++++ Source material ++++
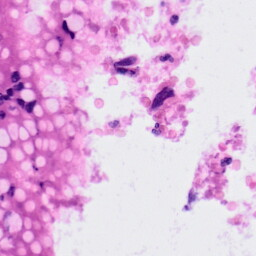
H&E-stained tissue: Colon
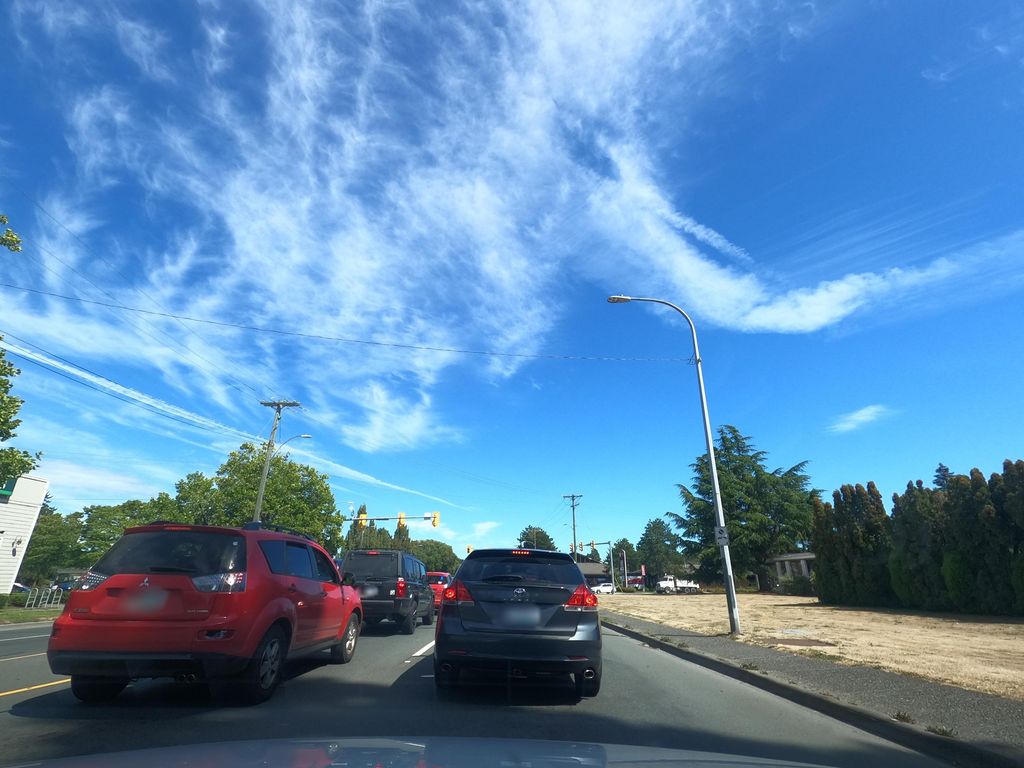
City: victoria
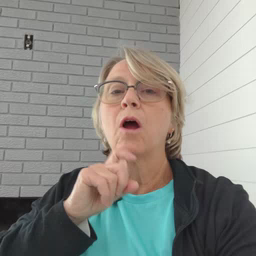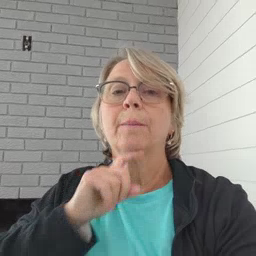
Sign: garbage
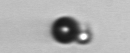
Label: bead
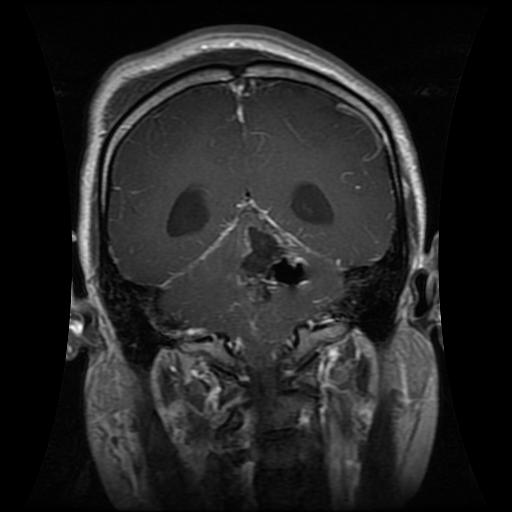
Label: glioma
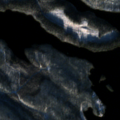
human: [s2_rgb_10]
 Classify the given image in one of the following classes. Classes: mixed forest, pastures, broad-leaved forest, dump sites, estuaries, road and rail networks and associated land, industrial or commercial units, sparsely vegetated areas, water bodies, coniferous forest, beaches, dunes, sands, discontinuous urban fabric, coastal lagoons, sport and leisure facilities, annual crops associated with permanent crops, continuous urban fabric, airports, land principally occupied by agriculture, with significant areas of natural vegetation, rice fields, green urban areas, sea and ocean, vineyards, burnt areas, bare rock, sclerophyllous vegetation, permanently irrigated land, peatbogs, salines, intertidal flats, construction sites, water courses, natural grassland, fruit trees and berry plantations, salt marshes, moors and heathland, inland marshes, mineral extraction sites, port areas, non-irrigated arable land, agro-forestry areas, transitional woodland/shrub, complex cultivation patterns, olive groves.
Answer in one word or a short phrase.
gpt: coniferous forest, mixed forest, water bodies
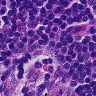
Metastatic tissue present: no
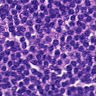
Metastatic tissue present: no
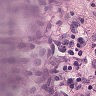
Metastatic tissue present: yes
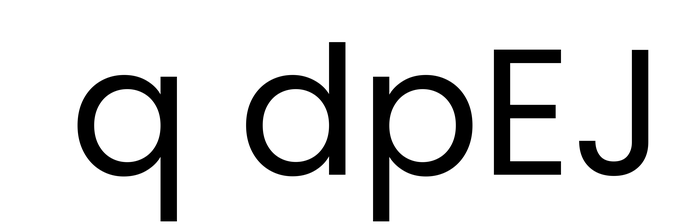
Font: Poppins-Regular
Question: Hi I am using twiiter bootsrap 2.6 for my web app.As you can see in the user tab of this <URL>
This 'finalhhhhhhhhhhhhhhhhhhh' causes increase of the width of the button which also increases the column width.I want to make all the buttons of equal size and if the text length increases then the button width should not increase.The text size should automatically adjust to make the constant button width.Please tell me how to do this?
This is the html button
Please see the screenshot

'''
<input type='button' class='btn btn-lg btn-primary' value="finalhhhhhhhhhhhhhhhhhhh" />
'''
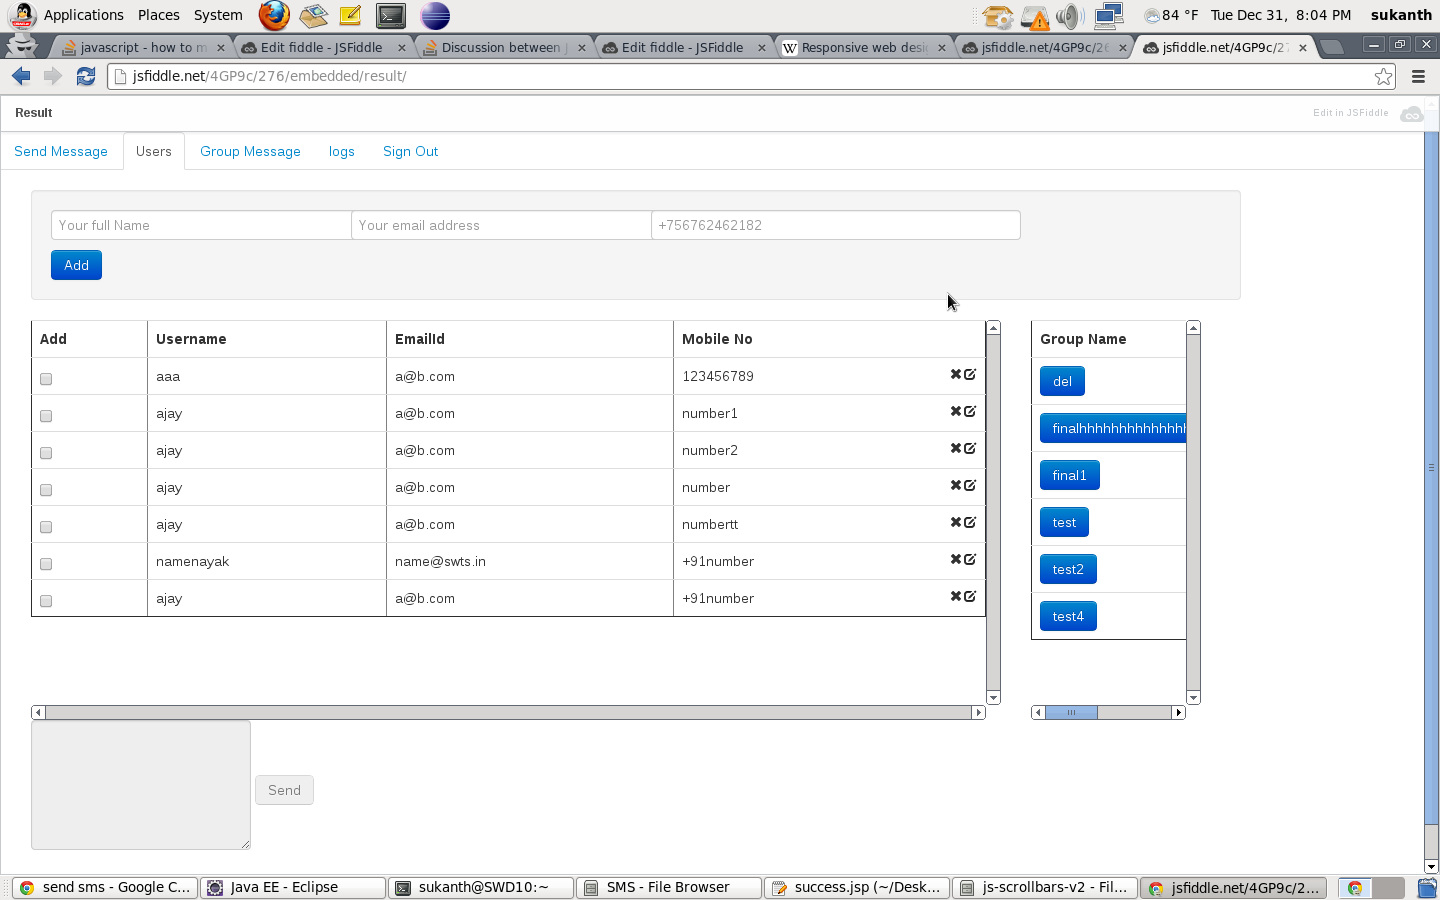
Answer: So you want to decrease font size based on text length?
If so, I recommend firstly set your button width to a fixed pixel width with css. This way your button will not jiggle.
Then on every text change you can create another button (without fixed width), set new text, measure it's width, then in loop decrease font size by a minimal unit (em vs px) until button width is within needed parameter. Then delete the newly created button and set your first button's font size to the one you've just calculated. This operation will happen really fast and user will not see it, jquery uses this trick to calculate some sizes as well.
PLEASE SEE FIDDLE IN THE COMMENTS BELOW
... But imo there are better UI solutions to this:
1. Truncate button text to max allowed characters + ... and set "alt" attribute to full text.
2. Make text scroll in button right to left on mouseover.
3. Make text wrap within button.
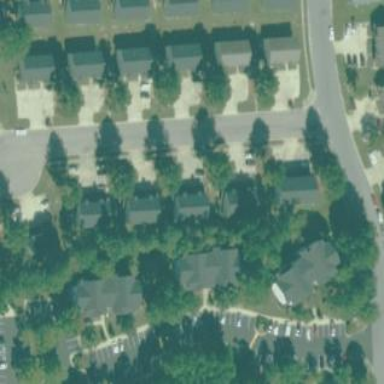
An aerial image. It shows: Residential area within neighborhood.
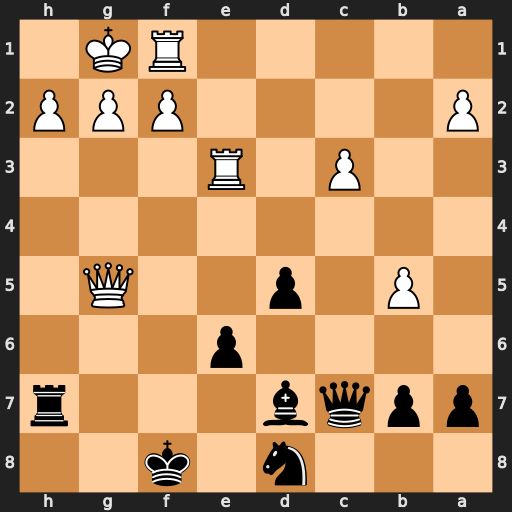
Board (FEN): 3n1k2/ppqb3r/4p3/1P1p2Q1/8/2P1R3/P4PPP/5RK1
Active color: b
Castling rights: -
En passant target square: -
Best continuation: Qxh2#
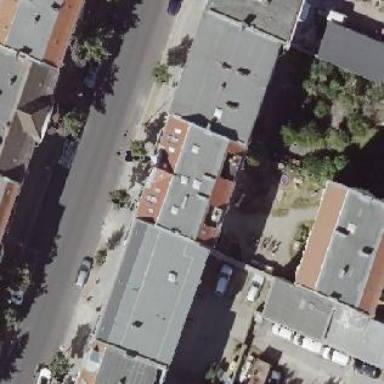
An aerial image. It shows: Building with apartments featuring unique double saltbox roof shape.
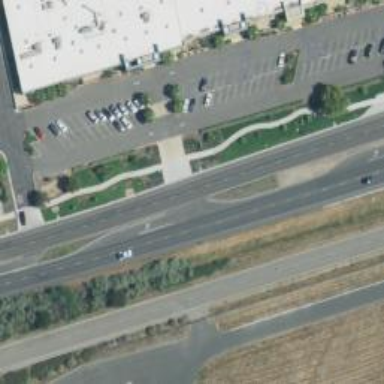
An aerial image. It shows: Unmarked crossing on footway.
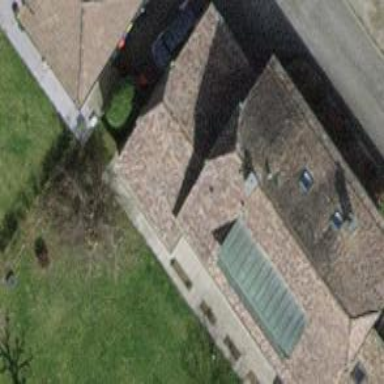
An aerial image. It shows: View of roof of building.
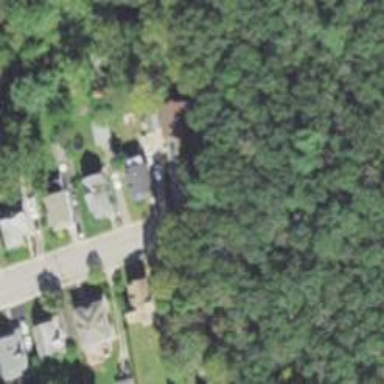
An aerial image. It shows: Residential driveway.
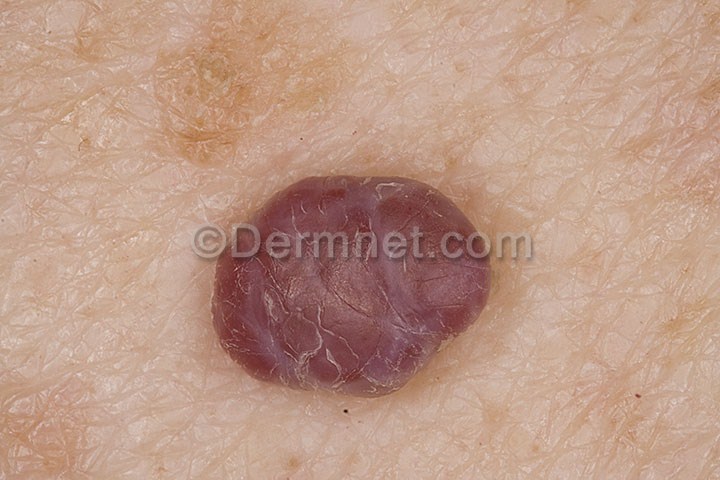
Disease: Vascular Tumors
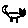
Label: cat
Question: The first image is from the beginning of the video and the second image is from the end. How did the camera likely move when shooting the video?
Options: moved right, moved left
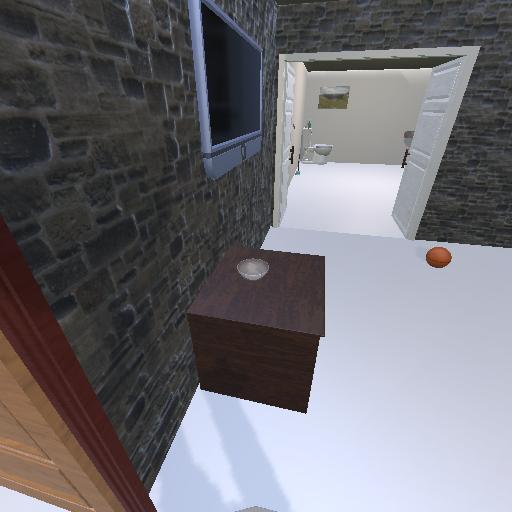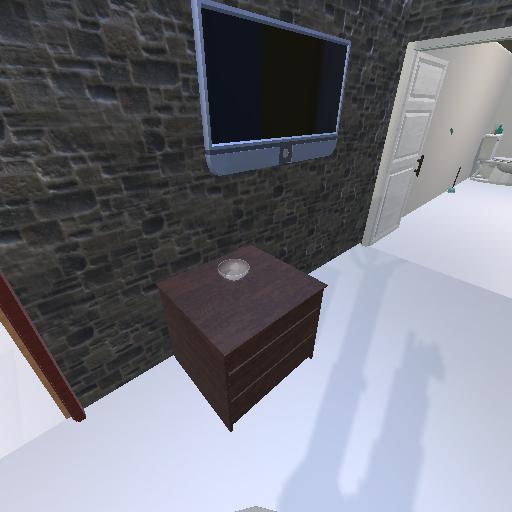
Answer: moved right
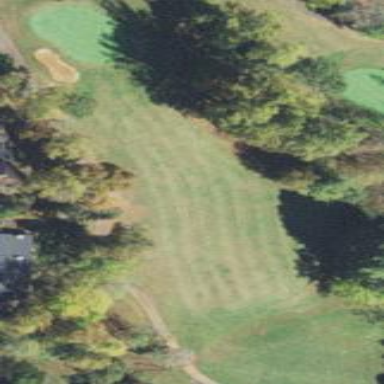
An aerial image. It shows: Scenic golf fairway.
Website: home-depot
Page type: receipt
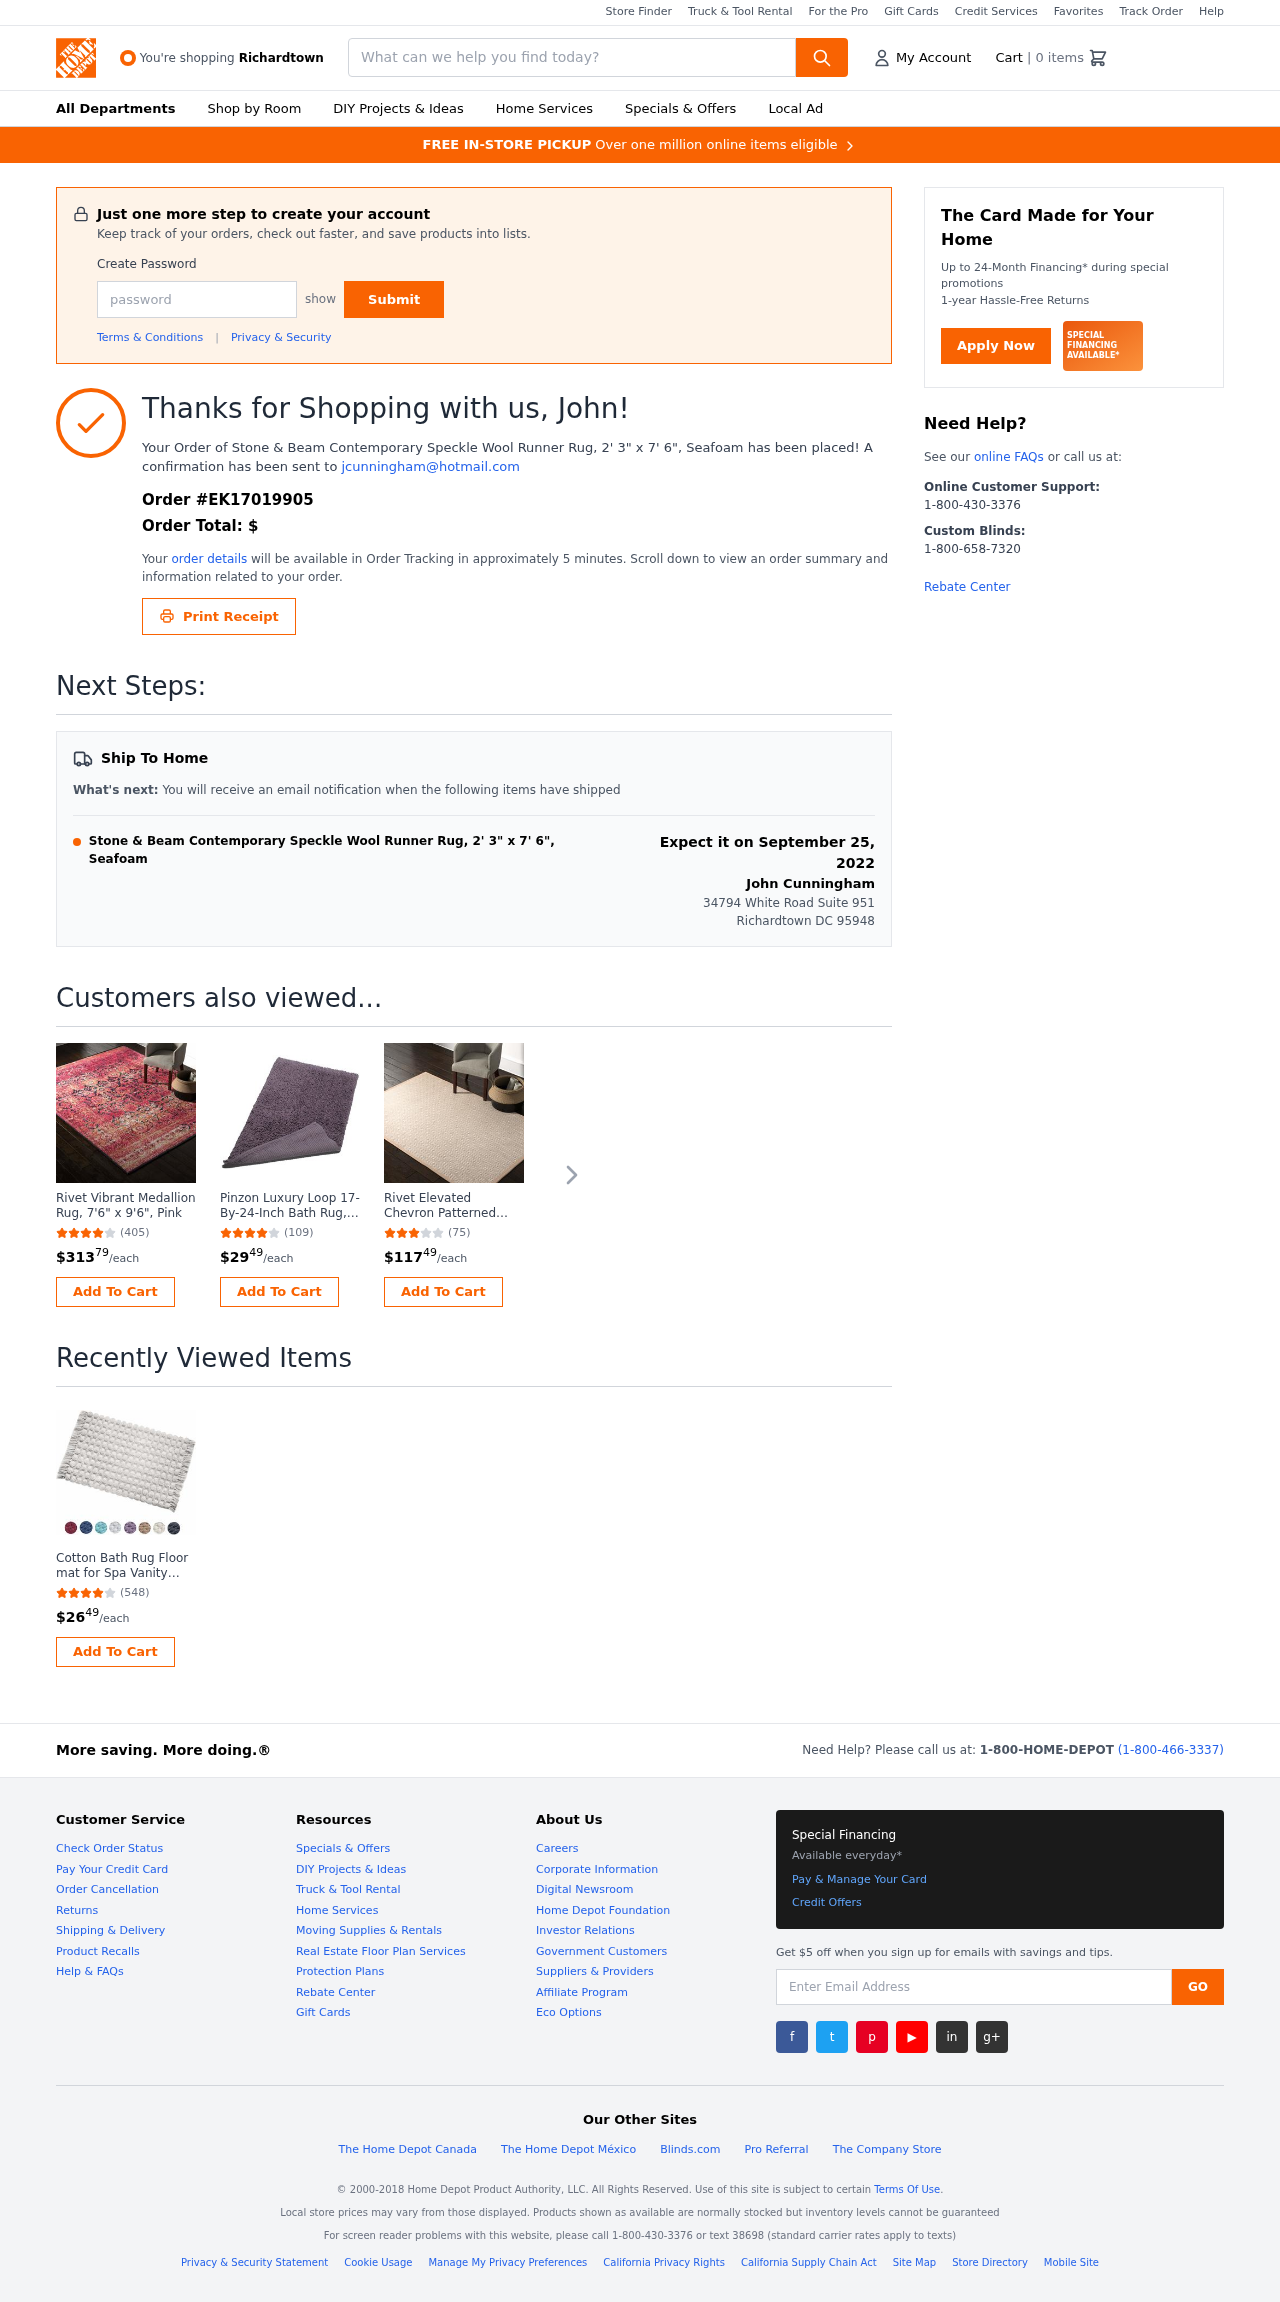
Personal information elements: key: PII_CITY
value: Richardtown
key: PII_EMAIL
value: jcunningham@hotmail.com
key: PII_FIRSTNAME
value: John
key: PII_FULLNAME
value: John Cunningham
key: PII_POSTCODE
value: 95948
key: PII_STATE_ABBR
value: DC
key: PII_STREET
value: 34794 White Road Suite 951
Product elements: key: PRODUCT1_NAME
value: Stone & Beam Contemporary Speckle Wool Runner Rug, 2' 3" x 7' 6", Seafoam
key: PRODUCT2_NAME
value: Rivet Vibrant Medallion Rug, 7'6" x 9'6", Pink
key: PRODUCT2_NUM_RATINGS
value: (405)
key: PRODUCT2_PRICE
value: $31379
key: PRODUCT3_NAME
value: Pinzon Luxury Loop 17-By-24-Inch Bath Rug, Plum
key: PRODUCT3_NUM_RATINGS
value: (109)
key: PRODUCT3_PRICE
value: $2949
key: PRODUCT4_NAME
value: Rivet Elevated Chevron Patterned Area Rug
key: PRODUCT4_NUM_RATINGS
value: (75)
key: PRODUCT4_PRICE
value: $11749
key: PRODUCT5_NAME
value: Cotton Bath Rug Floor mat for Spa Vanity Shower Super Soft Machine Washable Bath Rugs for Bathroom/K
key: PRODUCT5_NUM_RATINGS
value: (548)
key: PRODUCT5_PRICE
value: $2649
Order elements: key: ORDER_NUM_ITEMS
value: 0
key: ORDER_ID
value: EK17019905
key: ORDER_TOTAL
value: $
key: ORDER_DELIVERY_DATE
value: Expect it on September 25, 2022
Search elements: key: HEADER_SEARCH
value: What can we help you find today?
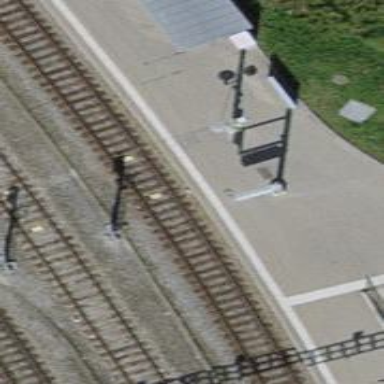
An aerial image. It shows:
++++
-- What is being asked --
Find where the line with "Answer in one word or a short phrase." sits in the material above and where the line with "Best continuation: Qxh2#" sits. Set down exactly the lines from the first to the second, both included and nothing else, without pictures.

-- Result --
Answer in one word or a short phrase.
gpt: coniferous forest, mixed forest, water bodies
Metastatic tissue present: no
Metastatic tissue present: no
Metastatic tissue present: yes
Font: Poppins-Regular
Question: Hi I am using twiiter bootsrap 2.6 for my web app.As you can see in the user tab of this <URL>
This 'finalhhhhhhhhhhhhhhhhhhh' causes increase of the width of the button which also increases the column width.I want to make all the buttons of equal size and if the text length increases then the button width should not increase.The text size should automatically adjust to make the constant button width.Please tell me how to do this?
This is the html button
Please see the screenshot

'''
<input type='button' class='btn btn-lg btn-primary' value="finalhhhhhhhhhhhhhhhhhhh" />
'''
Answer: So you want to decrease font size based on text length?
If so, I recommend firstly set your button width to a fixed pixel width with css. This way your button will not jiggle.
Then on every text change you can create another button (without fixed width), set new text, measure it's width, then in loop decrease font size by a minimal unit (em vs px) until button width is within needed parameter. Then delete the newly created button and set your first button's font size to the one you've just calculated. This operation will happen really fast and user will not see it, jquery uses this trick to calculate some sizes as well.
PLEASE SEE FIDDLE IN THE COMMENTS BELOW
... But imo there are better UI solutions to this:
1. Truncate button text to max allowed characters + ... and set "alt" attribute to full text.
2. Make text scroll in button right to left on mouseover.
3. Make text wrap within button.
An aerial image. It shows: Residential area within neighborhood.
Board (FEN): 3n1k2/ppqb3r/4p3/1P1p2Q1/8/2P1R3/P4PPP/5RK1
Active color: b
Castling rights: -
En passant target square: -
Best continuation: Qxh2#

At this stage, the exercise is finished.